### TASK DETAILS
How many lines in the entries below include the word "ECEDEF"? Respond with the number only.
(RECORDS SHOWN)
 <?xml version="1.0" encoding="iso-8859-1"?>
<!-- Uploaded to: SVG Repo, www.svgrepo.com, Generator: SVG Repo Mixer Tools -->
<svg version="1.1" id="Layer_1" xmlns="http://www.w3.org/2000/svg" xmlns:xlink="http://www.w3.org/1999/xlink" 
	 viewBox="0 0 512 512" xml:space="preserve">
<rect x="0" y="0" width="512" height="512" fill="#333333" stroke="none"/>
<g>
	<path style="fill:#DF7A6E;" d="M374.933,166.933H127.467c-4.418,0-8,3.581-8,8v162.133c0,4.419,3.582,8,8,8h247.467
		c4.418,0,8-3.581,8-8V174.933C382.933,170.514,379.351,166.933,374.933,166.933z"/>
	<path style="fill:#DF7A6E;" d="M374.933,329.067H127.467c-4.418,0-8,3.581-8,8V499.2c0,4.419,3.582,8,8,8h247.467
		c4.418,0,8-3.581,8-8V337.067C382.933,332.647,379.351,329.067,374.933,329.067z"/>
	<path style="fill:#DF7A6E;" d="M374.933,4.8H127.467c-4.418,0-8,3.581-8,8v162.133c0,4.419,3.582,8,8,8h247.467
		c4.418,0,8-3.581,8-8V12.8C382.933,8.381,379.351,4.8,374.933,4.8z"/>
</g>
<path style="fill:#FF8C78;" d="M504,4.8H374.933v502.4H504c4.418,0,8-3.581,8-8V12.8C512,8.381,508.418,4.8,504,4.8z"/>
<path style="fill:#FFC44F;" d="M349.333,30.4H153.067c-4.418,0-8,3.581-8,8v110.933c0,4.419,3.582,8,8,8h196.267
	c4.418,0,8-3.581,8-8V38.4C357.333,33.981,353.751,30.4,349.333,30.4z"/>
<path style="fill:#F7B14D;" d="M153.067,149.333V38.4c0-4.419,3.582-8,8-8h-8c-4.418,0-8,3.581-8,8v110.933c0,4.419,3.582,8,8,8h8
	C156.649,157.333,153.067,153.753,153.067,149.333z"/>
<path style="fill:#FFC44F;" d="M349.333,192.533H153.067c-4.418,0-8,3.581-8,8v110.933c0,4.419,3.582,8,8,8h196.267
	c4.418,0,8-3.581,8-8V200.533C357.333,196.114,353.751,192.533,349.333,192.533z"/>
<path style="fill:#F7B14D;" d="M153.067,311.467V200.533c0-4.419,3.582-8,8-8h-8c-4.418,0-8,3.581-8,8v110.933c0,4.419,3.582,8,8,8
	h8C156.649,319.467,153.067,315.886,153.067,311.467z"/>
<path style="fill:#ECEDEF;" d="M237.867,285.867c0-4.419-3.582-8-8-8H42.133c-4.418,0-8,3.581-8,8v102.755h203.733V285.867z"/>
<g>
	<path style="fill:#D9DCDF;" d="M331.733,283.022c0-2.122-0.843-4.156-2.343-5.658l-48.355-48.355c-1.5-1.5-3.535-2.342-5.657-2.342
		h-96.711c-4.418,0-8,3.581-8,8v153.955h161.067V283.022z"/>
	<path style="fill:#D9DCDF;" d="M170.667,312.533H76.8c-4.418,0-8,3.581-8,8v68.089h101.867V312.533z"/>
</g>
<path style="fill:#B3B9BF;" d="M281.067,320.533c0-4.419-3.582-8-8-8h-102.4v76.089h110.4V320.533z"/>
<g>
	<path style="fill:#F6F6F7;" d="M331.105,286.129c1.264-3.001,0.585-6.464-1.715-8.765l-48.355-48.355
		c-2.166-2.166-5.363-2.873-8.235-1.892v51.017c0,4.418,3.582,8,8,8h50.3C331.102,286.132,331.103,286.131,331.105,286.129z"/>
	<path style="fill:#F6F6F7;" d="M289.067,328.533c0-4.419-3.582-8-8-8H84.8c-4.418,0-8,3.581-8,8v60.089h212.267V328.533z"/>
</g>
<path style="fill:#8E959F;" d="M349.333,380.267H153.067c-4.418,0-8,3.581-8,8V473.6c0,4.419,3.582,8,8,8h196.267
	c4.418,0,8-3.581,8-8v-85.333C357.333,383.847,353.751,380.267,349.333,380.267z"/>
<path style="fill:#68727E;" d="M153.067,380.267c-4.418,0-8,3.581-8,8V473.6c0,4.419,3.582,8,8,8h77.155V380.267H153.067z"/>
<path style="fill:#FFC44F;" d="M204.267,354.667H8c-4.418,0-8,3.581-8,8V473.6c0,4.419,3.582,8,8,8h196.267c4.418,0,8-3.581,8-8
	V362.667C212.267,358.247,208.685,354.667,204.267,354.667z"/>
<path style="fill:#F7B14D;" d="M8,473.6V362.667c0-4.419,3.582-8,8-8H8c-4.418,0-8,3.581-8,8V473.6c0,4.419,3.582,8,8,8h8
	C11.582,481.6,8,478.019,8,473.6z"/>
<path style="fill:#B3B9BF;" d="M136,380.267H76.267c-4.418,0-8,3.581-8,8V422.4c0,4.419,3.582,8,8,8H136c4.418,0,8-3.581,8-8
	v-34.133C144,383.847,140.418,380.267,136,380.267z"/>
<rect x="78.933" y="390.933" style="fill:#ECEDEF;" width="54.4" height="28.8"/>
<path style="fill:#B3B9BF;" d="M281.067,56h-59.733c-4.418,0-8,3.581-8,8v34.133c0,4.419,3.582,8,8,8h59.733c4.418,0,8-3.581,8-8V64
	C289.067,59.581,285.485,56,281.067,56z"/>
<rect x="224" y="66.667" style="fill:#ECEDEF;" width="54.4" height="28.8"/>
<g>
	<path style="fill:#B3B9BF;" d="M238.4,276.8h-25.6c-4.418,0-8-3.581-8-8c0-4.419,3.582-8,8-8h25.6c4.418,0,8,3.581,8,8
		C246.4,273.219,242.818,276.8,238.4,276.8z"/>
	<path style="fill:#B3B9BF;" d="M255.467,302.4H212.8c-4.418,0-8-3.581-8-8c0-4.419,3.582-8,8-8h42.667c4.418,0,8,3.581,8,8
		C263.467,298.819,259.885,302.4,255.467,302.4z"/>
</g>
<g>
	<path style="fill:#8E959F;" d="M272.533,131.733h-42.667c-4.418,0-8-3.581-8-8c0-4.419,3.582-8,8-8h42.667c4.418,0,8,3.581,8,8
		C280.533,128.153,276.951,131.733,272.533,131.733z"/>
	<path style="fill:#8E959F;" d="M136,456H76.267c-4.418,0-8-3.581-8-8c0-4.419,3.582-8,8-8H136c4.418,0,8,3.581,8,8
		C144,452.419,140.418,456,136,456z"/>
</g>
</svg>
(End RECORDS SHOWN)
### REPLY
3